Today I was perusing Facebook, and I came across an article saying that Eminem has Aspergers Syndrome.The article cited song lyrics in which he mentions Aspergers Syndrome, and another song in which he describes being "the type of kid that would always think the sky is falling," and wonders, "Why am I so differently wired? Am I a martian? What kind of twisted experiment am I involved in? ‘Cause I don’t belong in this world."
If you are not familiar with Eminem, I'll just give you a brief description... he is a rapper. Yep, that is the brief description. He was also one of the topics I was obsessed with in my younger days.
I was never the type of kid to get obsessed with singers, actors, or other famous people. The closest I ever got was an obsession with the author Cynthia Voigt, who I felt was the best author on Earth. I never bought the teen magazines about stars, or watched MTV, or hung up posters of my favorite celebrities. I did love music, but my tastes leaned towards the Beatles and other British Invasion bands, instead of towards the newer music my peers enjoyed.

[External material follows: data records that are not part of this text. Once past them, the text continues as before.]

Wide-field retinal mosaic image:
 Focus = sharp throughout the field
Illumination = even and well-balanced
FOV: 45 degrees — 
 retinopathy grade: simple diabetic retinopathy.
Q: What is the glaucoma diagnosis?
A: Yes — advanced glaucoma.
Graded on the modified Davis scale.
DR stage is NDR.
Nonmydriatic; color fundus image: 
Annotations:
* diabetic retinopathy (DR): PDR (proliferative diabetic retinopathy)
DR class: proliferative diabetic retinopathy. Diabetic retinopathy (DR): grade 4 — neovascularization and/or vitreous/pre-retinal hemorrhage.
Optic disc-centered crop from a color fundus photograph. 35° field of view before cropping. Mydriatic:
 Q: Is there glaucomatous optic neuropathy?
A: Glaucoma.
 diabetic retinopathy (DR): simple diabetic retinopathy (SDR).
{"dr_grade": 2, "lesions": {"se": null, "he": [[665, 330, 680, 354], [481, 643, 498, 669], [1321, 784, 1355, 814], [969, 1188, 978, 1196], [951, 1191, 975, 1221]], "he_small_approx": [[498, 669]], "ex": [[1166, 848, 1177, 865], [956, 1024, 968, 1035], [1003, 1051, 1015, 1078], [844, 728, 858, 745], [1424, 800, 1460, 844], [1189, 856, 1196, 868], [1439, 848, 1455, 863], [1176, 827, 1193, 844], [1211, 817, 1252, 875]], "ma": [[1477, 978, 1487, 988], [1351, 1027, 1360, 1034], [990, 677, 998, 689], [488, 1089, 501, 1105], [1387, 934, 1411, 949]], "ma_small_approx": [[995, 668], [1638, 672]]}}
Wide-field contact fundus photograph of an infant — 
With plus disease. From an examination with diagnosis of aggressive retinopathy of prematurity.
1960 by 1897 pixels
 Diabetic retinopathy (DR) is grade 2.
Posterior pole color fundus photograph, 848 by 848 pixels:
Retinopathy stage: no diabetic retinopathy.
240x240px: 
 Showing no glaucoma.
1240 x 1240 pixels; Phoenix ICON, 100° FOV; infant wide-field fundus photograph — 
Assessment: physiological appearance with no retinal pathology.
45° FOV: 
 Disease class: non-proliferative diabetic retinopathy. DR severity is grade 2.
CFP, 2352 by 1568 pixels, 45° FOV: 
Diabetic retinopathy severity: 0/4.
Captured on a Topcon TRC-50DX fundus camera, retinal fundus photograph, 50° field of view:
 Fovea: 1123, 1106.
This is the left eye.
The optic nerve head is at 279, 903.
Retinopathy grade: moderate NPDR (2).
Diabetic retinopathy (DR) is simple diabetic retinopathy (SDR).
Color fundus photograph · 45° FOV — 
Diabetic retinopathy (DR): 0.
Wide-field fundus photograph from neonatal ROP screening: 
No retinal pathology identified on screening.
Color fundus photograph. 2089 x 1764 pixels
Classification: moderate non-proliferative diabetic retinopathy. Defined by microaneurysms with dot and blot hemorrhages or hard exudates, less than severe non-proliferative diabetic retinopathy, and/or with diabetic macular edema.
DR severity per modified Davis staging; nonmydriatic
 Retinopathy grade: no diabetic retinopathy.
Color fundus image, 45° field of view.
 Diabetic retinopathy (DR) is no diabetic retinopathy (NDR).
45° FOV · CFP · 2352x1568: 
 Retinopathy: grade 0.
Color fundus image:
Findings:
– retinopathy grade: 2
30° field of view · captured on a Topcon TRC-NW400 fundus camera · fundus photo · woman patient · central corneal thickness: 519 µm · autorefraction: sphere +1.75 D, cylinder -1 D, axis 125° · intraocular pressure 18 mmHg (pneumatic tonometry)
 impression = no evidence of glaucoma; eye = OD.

For some reason, when I first heard "My Name Is" on the radio, I became obsessed! Rarely one to buy CD's, I went to Wal-Mart and spent some of my hard-earned money on The Slim Shady LP. Then I realized that I had accidentally bought the "clean" version. (I don't know about now, but back then Wal-Mart did not sell "explicit" versions of CDs.) I had to go to another store and buy a new copy, so I could hear the real songs without the annoying "bleeps" or weird replacement words. I listened to the CD over and over again, mesmerized by the lyrics. I bought a copy of Rolling Stone magazine only because Eminem was on the cover, and I carefully tore out the poster in the middle to hang up on my wall. I bought any book or magazine that featured Eminem. I had an Eminem calendar, with each month featuring a new picture of Eminem. For a while I had an actual friend, a rarity for me, a girl named Stephanie who worked with me at the daycare center and shared my love of Eminem. We waited in eager anticipation for his next album, The Eminem Show, to come out. I even wrote letters to him, causing Stephanie to mock me and call me "Stan."*
Why was it Eminem, as opposed to any other rappers, or any other artists at all, who spoke to my heart? After all, at the time many people criticized Eminem because of his crude and violent lyrics. He sang about robbing and killing people, rape, murdering his wife and her new husband, and having STD's. But he also sang about being bullied as a kid, feeling like he didn't fit in anywhere, poverty, and his fierce love for his little daughter. A lot of people hated Eminem and wanted his music to be banned, yet he insisted on being himself and not censoring himself.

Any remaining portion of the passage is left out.